The price tag for one of the biggest trading debacles during the pandemic-fueled market meltdown of early 2020 is beginning to emerge.

Allianz SE, facing multiple lawsuits and regulatory probes tied to the collapse that year of its Florida-based hedge funds, took an unprecedented, 3.7 billion-euro ($4.2 billion) charge to cover a settlement reached Friday morning with the vast majority of investors in the funds.

In a sign of more pain to come, the German insurance and financial-services firm, which also owns bond giant Pacific Investment Management Co., warned that ongoing probes by U.S. Securities and Exchange Commission and Department of Justice are at a “sensitive” stage and that it couldn’t yet estimate the final price tag.

“There are still ongoing conversations with remaining plaintiffs,” Chief Financial Officer Giulio Terzariol said in an interview on Bloomberg TV Friday. “We are in conversations with the DOJ, and this conversation is very constructive.”

Investors -- including public pension funds, Blue Cross & Blue Shield and New York’s Metropolitan Transportation Authority -- claimed they lost billions of dollars from the collapse of the hedge funds, which were designed to withstand a market crash yet incurred steep losses during the tumultuous early days of the pandemic.
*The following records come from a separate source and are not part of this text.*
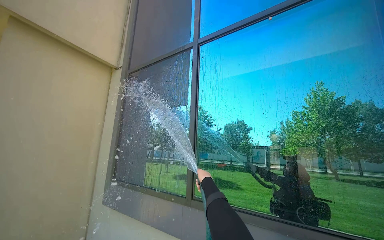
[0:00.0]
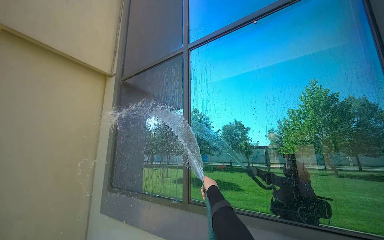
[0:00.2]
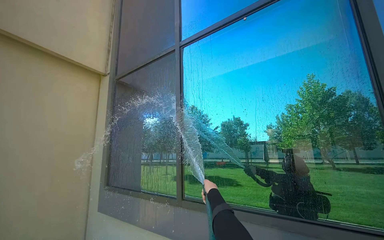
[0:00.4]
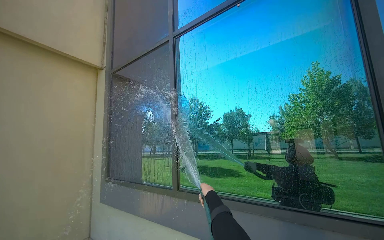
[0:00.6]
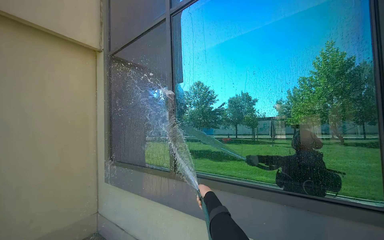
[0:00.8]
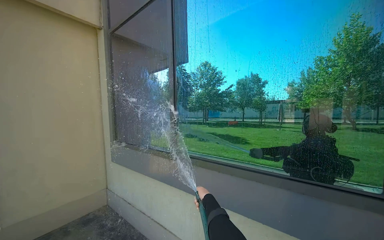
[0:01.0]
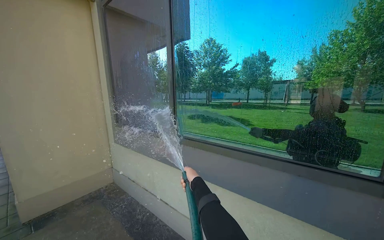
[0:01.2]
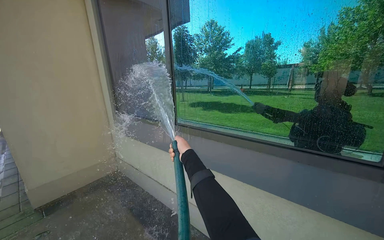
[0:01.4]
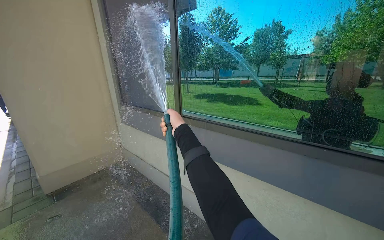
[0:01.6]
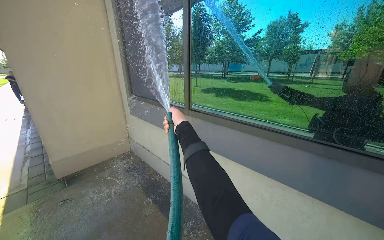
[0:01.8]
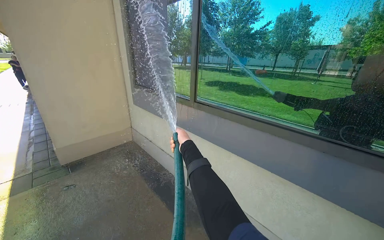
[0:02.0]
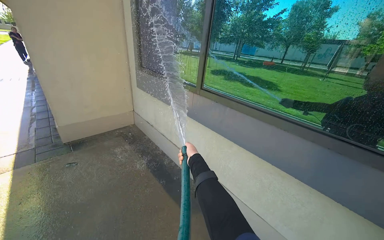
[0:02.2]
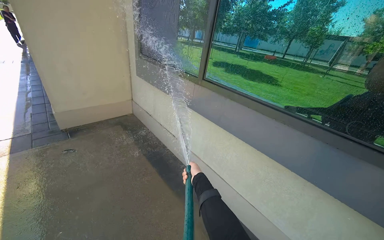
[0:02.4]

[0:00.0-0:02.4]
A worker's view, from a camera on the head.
Job: cleaning windows.
The whole recording: Rinsing building windows. The worker sprays water from a hose onto the building windows.
0:00.0 to 0:01.2: The wearer looks some 25 degrees further downward.
0:01.2 to 0:02.4: The wearer looks some 20 degrees further downward. The right hand reaches about 10 cm up the picture, then returns.

Allianz liquidated two of the vehicles in March 2020 and has been unwinding the others.

The lawsuits accuse Allianz of abandoning a stated investment mandate and downside risk protections of its Structured Alpha Funds, and then doubling down on risky strategies in an attempt to recoup losses during the market volatility -- a move that some plaintiffs derided as an “extraordinarily risky and self-interested gamble.”

In its defense, Allianz told a judge last year that the plaintiffs are sophisticated investors that chose high-risk private funds with open eyes.
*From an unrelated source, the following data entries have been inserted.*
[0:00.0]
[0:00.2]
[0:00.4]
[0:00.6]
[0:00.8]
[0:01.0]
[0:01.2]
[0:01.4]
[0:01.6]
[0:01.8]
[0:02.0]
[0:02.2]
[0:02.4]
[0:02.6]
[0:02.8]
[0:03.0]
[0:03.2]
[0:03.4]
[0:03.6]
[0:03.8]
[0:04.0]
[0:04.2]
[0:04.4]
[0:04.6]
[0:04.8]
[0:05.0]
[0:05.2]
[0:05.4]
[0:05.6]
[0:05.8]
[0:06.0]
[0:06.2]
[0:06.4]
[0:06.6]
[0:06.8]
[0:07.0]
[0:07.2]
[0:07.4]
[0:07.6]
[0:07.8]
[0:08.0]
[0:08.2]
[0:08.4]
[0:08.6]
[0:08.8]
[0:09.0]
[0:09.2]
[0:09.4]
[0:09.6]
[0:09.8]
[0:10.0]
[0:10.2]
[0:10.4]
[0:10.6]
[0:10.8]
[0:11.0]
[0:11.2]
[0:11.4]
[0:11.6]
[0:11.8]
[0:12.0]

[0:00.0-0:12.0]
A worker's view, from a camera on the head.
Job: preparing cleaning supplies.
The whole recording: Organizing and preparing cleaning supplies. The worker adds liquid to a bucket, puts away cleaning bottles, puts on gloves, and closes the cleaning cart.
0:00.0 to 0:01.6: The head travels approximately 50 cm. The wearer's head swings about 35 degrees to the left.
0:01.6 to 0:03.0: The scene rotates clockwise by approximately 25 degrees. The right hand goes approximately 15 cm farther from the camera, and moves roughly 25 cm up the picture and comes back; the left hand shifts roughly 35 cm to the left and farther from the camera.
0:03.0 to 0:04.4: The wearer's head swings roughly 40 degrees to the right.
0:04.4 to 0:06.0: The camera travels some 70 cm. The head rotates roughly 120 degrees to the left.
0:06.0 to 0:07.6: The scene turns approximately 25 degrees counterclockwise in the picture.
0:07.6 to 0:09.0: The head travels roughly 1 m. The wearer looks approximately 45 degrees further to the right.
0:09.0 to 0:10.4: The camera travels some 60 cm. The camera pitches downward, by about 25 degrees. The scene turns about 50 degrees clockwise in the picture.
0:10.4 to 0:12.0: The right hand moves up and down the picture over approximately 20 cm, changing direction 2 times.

Allianz, as a result of the one-time charge, posted a 292 million-euro loss for the fourth-quarter, overshadowing an otherwise strong rebound from the pandemic. The company also announced plans to repurchase as much as 1 billion euros of stock and proposed increasing the annual dividend 12.5% to 10.80 euros a share.

“It’s a step in the right direction,” analysts at Morgan Stanley wrote in a note. “However, management did mention that it expects to incur additional expenses before the matter is finally resolved, which does imply some litigation-related overhang to persist.”

Shares of the insurer fell 1.4% at 11:41 a.m. in Munich, paring gains this year to 5.7%.